I learned how the pieces moved across the board when I was five. My grandfather had a chess set in a small room in his basement. It was my favourite room.
I would occasionally play against my younger brother or my father while we visited. And eventually we got our own chess set and would play more often. But my understanding of the game remained limited to where the pieces could go.
There is much more to the game than just knowing how the pieces move. There are thousands of pages of material to study. From what chess teachers call “principles,” simple tactics like forks, skewers and pins, openings you can memorize for a slight advantage or a preferable position, and endgame tactics that chess masters study repeatedly to glean the slightest advantage.
But I didn’t know any of this then. I would simply make a move having thought one or two plays ahead, vaguely anticipating what would come next.
In the summer of 2020, I was working from home and spending a lot of time on my computer as the world outside was adjusting to the pandemic.
Out of boredom, I pulled up a website for online chess. Perhaps I was curious about how my childhood “skills” held up against the internet. The site matches you against another random player with a similar skill level or “rating,” but the site doesn’t know your rating if you’ve never used it before.
So, it gives you 10 games against a variety of players to determine how you stack up.
I was instantly hooked. The rules of the game came back to me as I lost most of those early games.

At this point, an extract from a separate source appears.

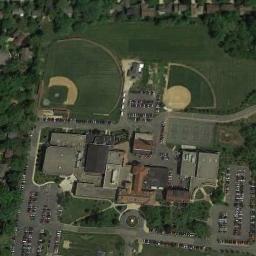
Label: baseball_diamond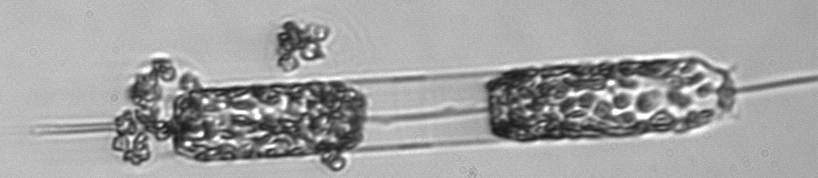
Label: Ditylum_brightwellii

I began to consume as much chess material as I could understand. I learned those tactics and strategies, even some simple openings. And the most satisfying part was that I began to notice improvement.
In the fall of 2020, Netflix released The Queen’s Gambit, a fictional story about a young chess prodigy dealing with personal trauma while climbing international rankings. Of course I devoured it. Many others did, as well, causing a surge in chess set sales and a spike in games played at online chess sites.
It seemed like I wasn’t alone in rediscovering the game during the pandemic.
I got into a habit of playing whenever I could. And I began to solve at least one chess puzzle a day. My online rating rose from below 600 to higher than 1,300.
I had a sense of progress when a lot of people felt stagnant. It wasn’t a solution really, but I thought to myself that it was a healthy distraction.
And my chess habit has not gone away. Pulling up the mobile chess app when I’m bored has become an instinct. Instead of scrolling infinitely on social media, I now play chess and solve chess puzzles.
I even managed to get a couple friends hooked on the game.
In early December 2021, Norwegian grandmaster Magnus Carlsen defended his world championship title against a Russian challenger, grandmaster Ian Nepomniachtchi. It was the first major chess event I followed from start to finish.
Witnessing the pure skill and mental fortitude during the match was awe inspiring. Despite what ended up as a lopsided result in Carlsen’s favour, Game 6 saw the two grandmasters play an exhausting match for nearly eight hours straight.
Of course, I can never even hope to become that good at chess. It’s simply impossible. Not that I want to. I find chess to be the most fun when my opponents and I make mistakes, create drama on the board and take advantage of a slight misstep.
Many chess masters say that chess is a constructive game because it teaches its players responsibility and dealing with the consequences of your actions.
There is no luck in chess. It is based solely on the moves made by each player.
Maybe this is why I’ve continued to play chess online and solve puzzles everyday throughout the pandemic. I was able to take control of something during a time when I didn’t have much of it in my life.
Chess is an interesting game because it’s close to being objective. Computers can make the very best moves and crush any human. But when humans play against humans, at any level, there is a creativity that flourishes in the execution of a plan, a clever counterattack and the beauty of an impenetrable defence.
Former world chess champion grandmaster Garry Kasparov once said: “Chess is one of the few arts where composition takes place simultaneously with performance.”
It’s a quote that I think captures quite nicely why this game is unlike any other.
There are a lot of serious problems in the world that a game can’t solve. But chess players can practise discipline, learn and get better, which is a simple lesson that can be applied to much more than the game itself. And through this pandemic era, that’s been a real blessing.